Some stories don’t have a clear beginning, middle, and end.
Life is about not knowing, having to change,
taking the moment and making the best of it,
without knowing what’s going to happen next.
Delicious ambiguity…
Delicious ambiguity…
- Gilda Radner
The good folks over at Kayak Yak, just south of us here on Vancouver Island, keep us up to date on all kinds of news in the world of kayaking and beyond. I read there that Hayley Shephard has had to abandon her solo attempt to circumnavigate by sea kayak South Georgia Island. As many will know, SGI is remote - really remote. When a good friend and I circumnavigated Salt Spring Island last year, we were pretty pleased with ourselves. Although it was an awesome three-day-adventure, Salt Spring is a "stones throw" from where we live. Had serious weather or a pod of rambunctious whales threatened us, we could have, literally, called a cab to take us home, albeit via a ferry. And this is not to diminish the nature of our time on the water and in pristine and primitive island campsites. It was truly excellent, and in every way, an "adventure". Believe me, were we not both rather busy in our daytime vocations, we would have have quite enthusiastically welcomed a few more weeks of uninterrupted paddling!
Indeed, South Georgia Island is remote and inhospitable. The only inhabitants are a couple of British Government officials and staff of the British Antarctic Survey. The South Atlantic Ocean is on one side and the Scotia Sea is on the other and yes, you guessed it, Antarctica isn't that far away. In short, the sea state there doesn't get much more wild and unforgiving anywhere else on the planet! The ocean there is more than wild.
Hayley had to abandon this expedition for a number of reasons that you can read about on her Oceanmaid Ventures blog. Did she "fail" in her circumnavigation attempt? Well, it's true, she didn't complete her solo paddle around South Georgia Island. What was infinitely more important, however, was that she made an attempt at something most of us could never imagine doing. As Gilda Radner would have said, "she took the moment and made the best of it". She invited "delicious ambiguity", demanding or expecting no certainty in her endeavour. Surely, that is the very nature of adventure.

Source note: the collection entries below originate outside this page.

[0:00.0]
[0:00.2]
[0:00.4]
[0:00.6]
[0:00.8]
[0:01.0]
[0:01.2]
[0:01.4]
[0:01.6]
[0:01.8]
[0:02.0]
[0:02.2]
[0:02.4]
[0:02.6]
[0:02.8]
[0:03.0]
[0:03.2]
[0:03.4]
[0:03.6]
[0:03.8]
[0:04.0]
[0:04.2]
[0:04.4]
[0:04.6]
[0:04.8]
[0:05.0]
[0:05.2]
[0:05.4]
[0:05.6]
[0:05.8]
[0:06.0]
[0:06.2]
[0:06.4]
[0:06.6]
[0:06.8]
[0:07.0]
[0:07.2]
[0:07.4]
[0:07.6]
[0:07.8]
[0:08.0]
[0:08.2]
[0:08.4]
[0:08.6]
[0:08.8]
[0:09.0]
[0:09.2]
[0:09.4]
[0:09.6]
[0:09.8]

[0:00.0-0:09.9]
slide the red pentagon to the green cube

So often, we have a need to write the full script of our lives. We want to know where we are going and where we will end up and what to expect along the way. We like to have guarantees in place which will serve as safeguards in the event that we get off course. We attend seminars and workshops to help us to plan for our security and to assist us in warding off the possibility of surprises along the way. Like a train on the tracks or a electric streetcar wired to an overhead power source, we seem content to limit our "travel" in life.
How much more exciting it would be to see life as an extraordinary adventure, where we can only guess as to the nature of what's around the next corner. Of course, we need to be prepared for some stormy weather and life's occasional "rogue waves" and clearly Hayley was. But more important, she was open to change and to the unexpected, to the serendipitous content of each moment in time.

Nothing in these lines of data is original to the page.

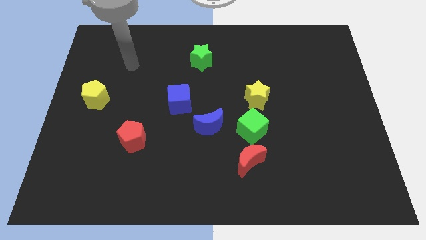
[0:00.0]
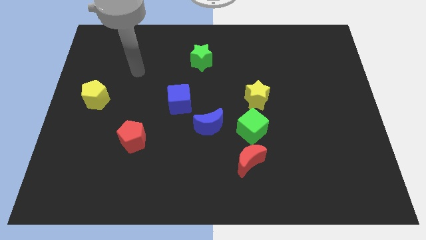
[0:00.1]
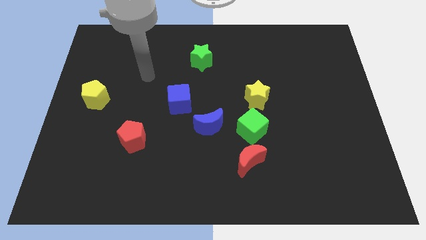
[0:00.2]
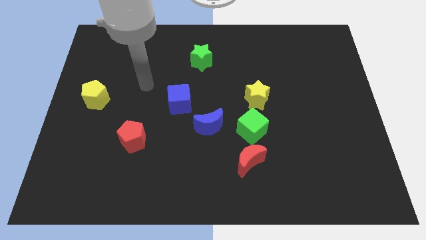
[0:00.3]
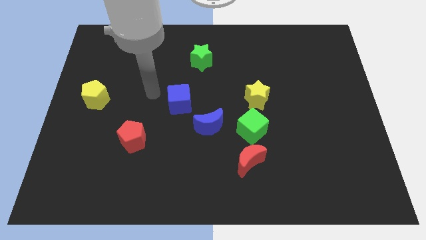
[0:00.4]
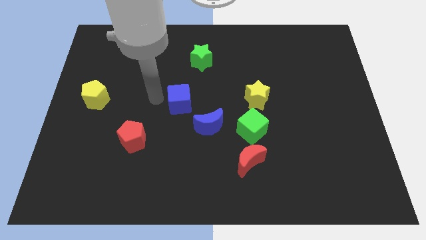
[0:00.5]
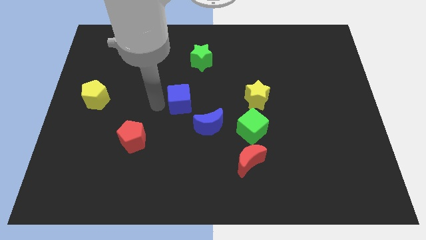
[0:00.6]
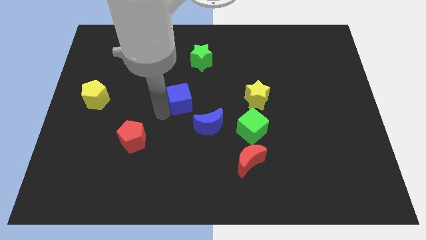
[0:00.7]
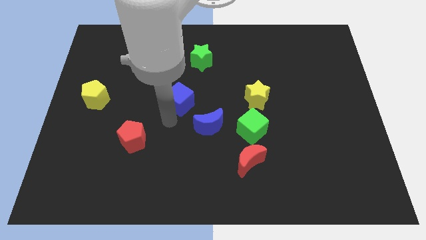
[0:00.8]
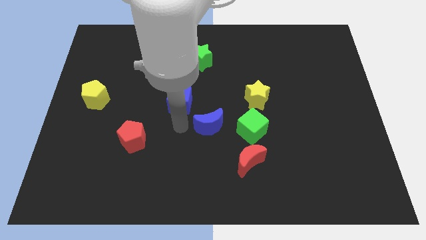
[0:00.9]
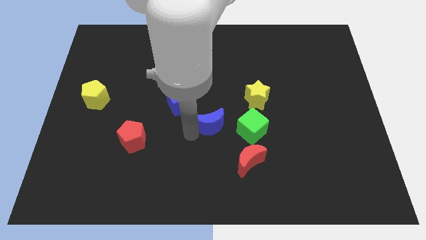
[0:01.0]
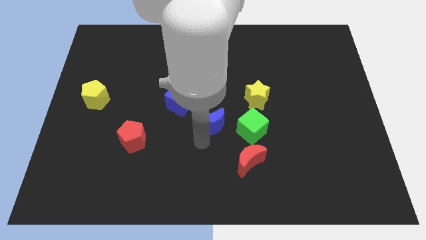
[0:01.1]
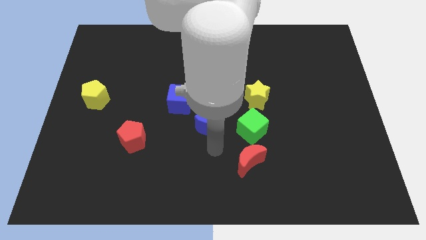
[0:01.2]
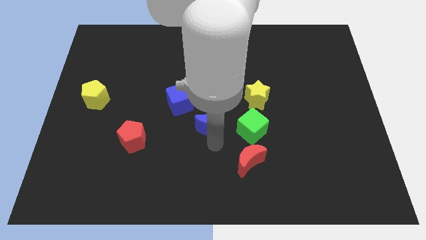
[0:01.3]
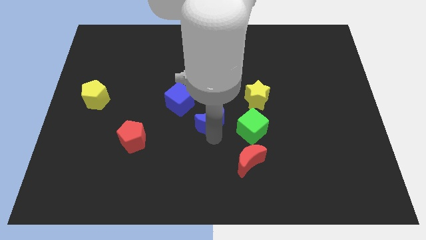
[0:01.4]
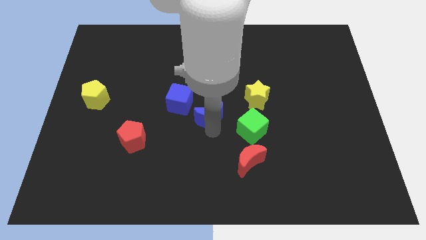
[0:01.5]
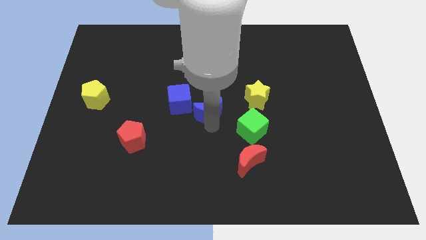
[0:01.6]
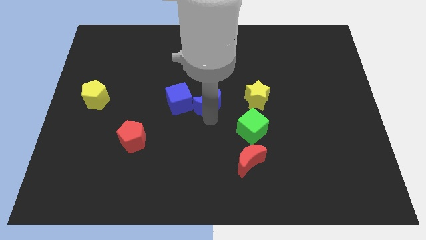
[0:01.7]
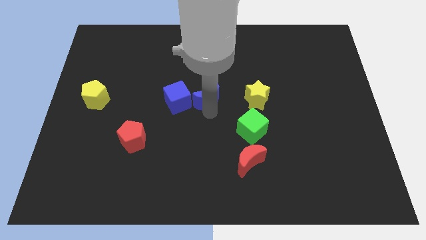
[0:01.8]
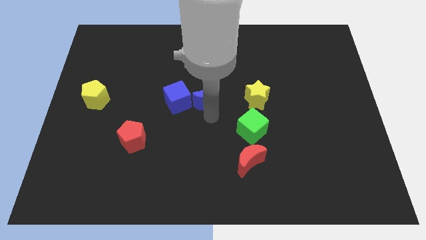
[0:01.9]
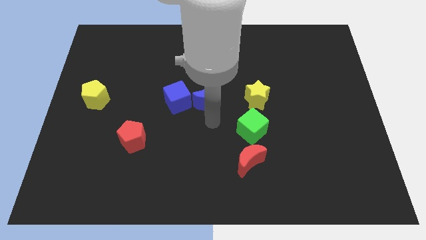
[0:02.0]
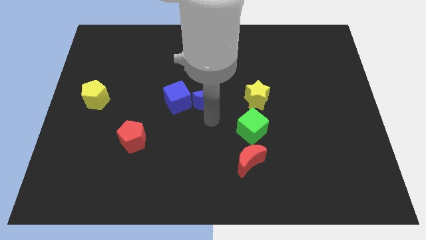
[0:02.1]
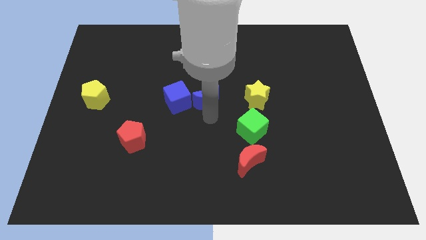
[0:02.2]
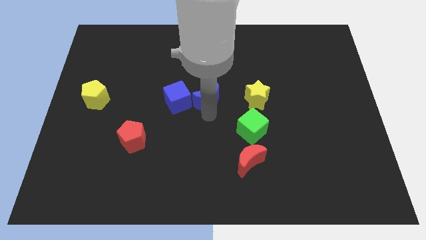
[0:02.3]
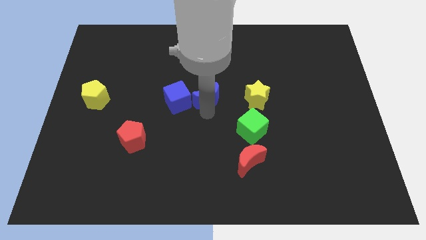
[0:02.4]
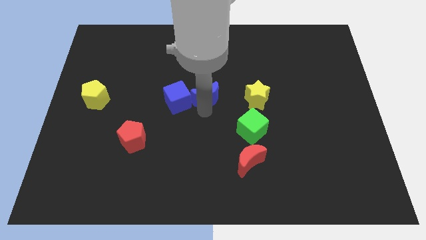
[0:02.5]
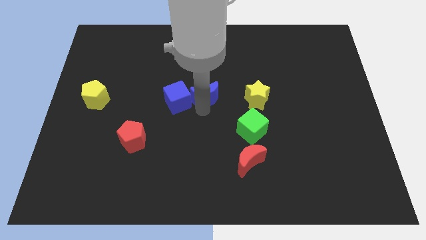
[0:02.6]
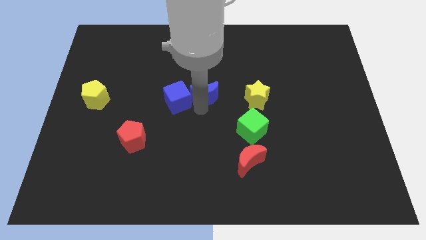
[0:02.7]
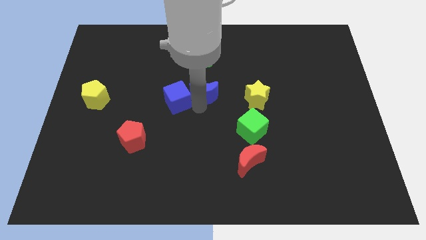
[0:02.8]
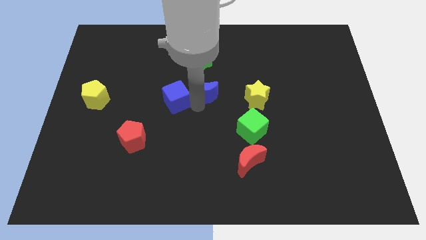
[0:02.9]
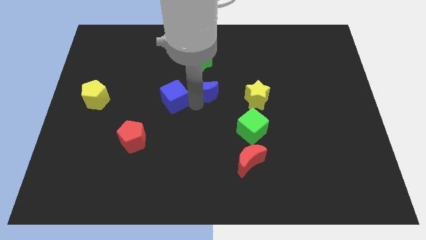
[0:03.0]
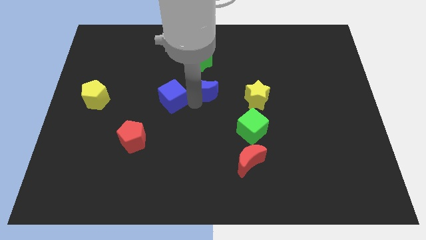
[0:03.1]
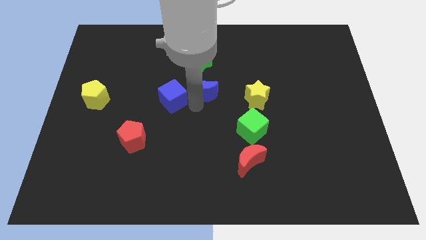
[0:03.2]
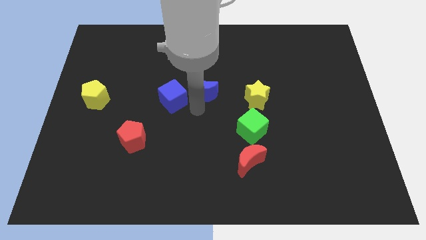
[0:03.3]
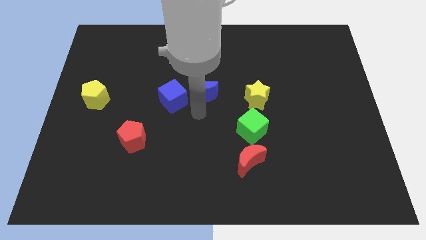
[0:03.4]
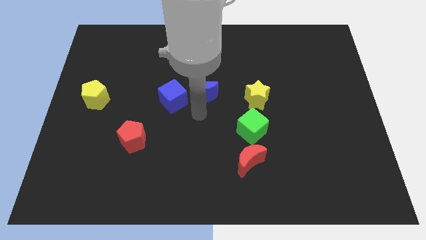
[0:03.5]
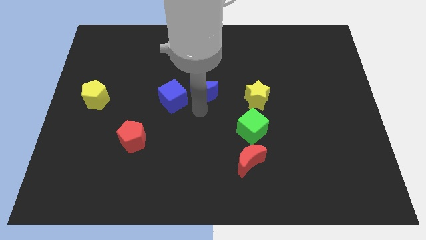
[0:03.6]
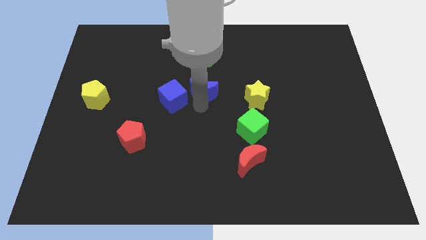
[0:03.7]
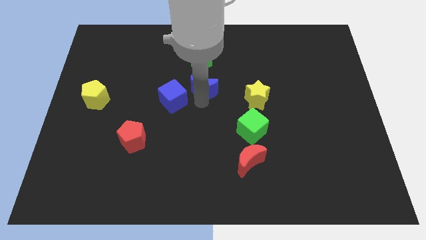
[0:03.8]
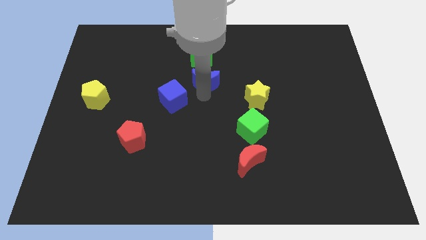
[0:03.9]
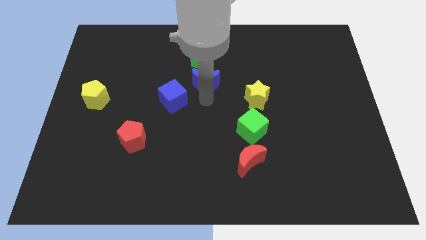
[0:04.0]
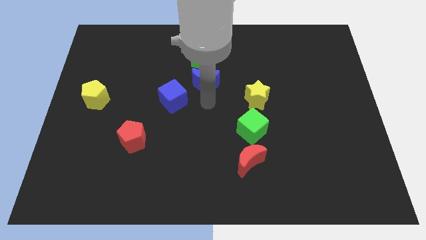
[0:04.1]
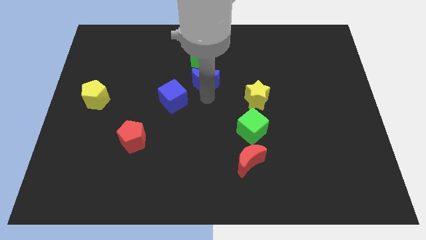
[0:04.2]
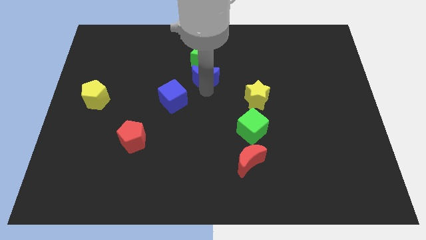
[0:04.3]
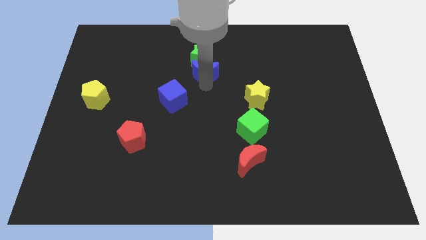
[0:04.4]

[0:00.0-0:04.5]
slide the blue moon towards the green star

Although sometimes tempted to embrace certainty, when I think about it, I don't really want to know where I'll be this time next year or in five years time or a decade from now. To know that is to have already travelled to the future and to be content with a script that has already been written. That makes it difficult to live in the moment or to savour the incomparable thrill of anticipation. I like surprises. I want to wonder what's around the next "corner". I want to dream and then dream new dreams that are grounded in the personal growth that comes from adaptation to change. Sure, sometimes that adaptation is hard-earned and painful but that's the nature of an "adventure" and surely that is the very essence of life. It's the delicious ambiguity.
How much more exciting it would be to see life as an extraordinary adventure, where we can only guess as to the nature of what's around the next corner. Of course, we need to be prepared for some stormy weather and life's occasional "rogue waves" and clearly Hayley was. But more important, she was open to change and to the unexpected, to the serendipitous content of each moment in time.
Although sometimes tempted to embrace certainty, when I think about it, I don't really want to know where I'll be this time next year or in five years time or a decade from now. To know that is to have already travelled to the future and to be content with a script that has already been written. That makes it difficult to live in the moment or to savour the incomparable thrill of anticipation. I like surprises. I want to wonder what's around the next "corner". I want to dream and then dream new dreams that are grounded in the personal growth that comes from adaptation to change. Sure, sometimes that adaptation is hard-earned and painful but that's the nature of an "adventure" and surely that is the very essence of life. It's the delicious ambiguity.
Bravo to you, Hayley, you are a great example. It wasn't exactly what you had thought it would be but, as you said, "it is what it is" and that reality will undoubtably launch a plethora of tremendously exciting new directions for you! And you might well inspire the same in those that admire your accomplishment.
Duncan.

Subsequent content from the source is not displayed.